All this, of course, is fleshed out in Ganchrow’s book, as is his role as a leading American Orthodox opponent of efforts by Reform and Conservative rabbis to secure government recognition in Israel. (Of particular interest is his account of a top-secret meeting between representatives of all the denominations and the Israeli chief rabbis, apparently the only meeting in 20 years in which Ganchrow had nothing to say.)

The book’s most dramatic sections come at the beginning and end, with the opening pages recounting Ganchrow’s tour of duty in Vietnam and the second-to-last chapter outlining how he led the O.U. as it was engulfed by a sexual abuse scandal not of his making.

In Vietnam, in 1969, Ganchrow, then a U.S. Army surgeon stationed at the American base at Long Binh, found himself leading a Passover Seder for 400 GIs. Suddenly, in the middle of the meal, enemy rocket fire hit just 500-1,000 yards away. It stopped just as quickly, but no one could be sure what would happen next.

After thinking for a few seconds, Major Ganchrow jumped up onto the table and shouted: “Men, I am the ranking officer in this room. I give you my solemn word that G-d will allow no harm to befall you if you now perform the mitzvah of sitting back down and finishing the Seder.”

Ganchrow would execute a similar maneuver almost a quarter-century later, with the O.U. reeling from an article in the New York Jewish Week alleging that union officials had spent two decades ignoring credible sexual assault allegations against Rabbi Baruch Lanner, its top youth group leader. With some other prominent O.U. board members advocating a closing of the ranks, Ganchrow, who to this day insists he learned of the allegations against Lanner from the Jewish Week article, argued that such a step amounted to organizational suicide. Instead, he successfully pushed for the creation of an independent commission to investigate the scandal and to issue a report.

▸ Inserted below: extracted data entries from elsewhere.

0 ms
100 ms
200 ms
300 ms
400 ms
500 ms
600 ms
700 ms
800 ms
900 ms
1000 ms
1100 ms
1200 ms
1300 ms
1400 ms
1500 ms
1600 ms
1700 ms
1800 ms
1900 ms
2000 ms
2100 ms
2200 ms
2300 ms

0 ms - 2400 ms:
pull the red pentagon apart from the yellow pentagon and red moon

The ensuing investigation led to the resignation of the organization’s top professional, Rabbi Raphael Butler, and the commission’s scathing report appears to have gone a long way toward rehabilitating the O.U.’s public profile. Still, according to some unofficial estimates, the commission ended up costing $1 million; and some critics on the board still believe that the whole mess could have been settled had Ganchrow simply fallen on his sword and resigned (though this strikes me as a case of wishful thinking). Today, according to Ganchrow, he is essentially a persona non grata in O.U. circles (and the feeling is apparently mutual, judging from his critique of the direction taken by the organization since the end of his two-term stint as president).

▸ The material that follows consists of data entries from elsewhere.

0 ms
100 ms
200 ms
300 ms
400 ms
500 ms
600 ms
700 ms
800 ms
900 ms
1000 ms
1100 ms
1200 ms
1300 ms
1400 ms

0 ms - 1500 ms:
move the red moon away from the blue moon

Whether one looks at Ganchrow and sees an endearing streak of spunk or a grating case of stubbornness, he has often proved himself an effective Jewish activist and organizational leader. In addition, it is hard to dispute that the O.U. appears to be recovering from the Lanner scandal in large part because of Ganchrow’s decision to create the commission and appoint Richard Joel, now president of Yeshiva University, to be its chair.

Of course, this last point probably wouldn’t come as a surprise to any of the American boys sitting at the Passover table in Southeast Asia in 1969, when the Ganchrow gambit was attempted for the first time.

All the soldiers stayed till the end of the Seder; no casualties were reported.

Ami Eden is national editor of the Forward.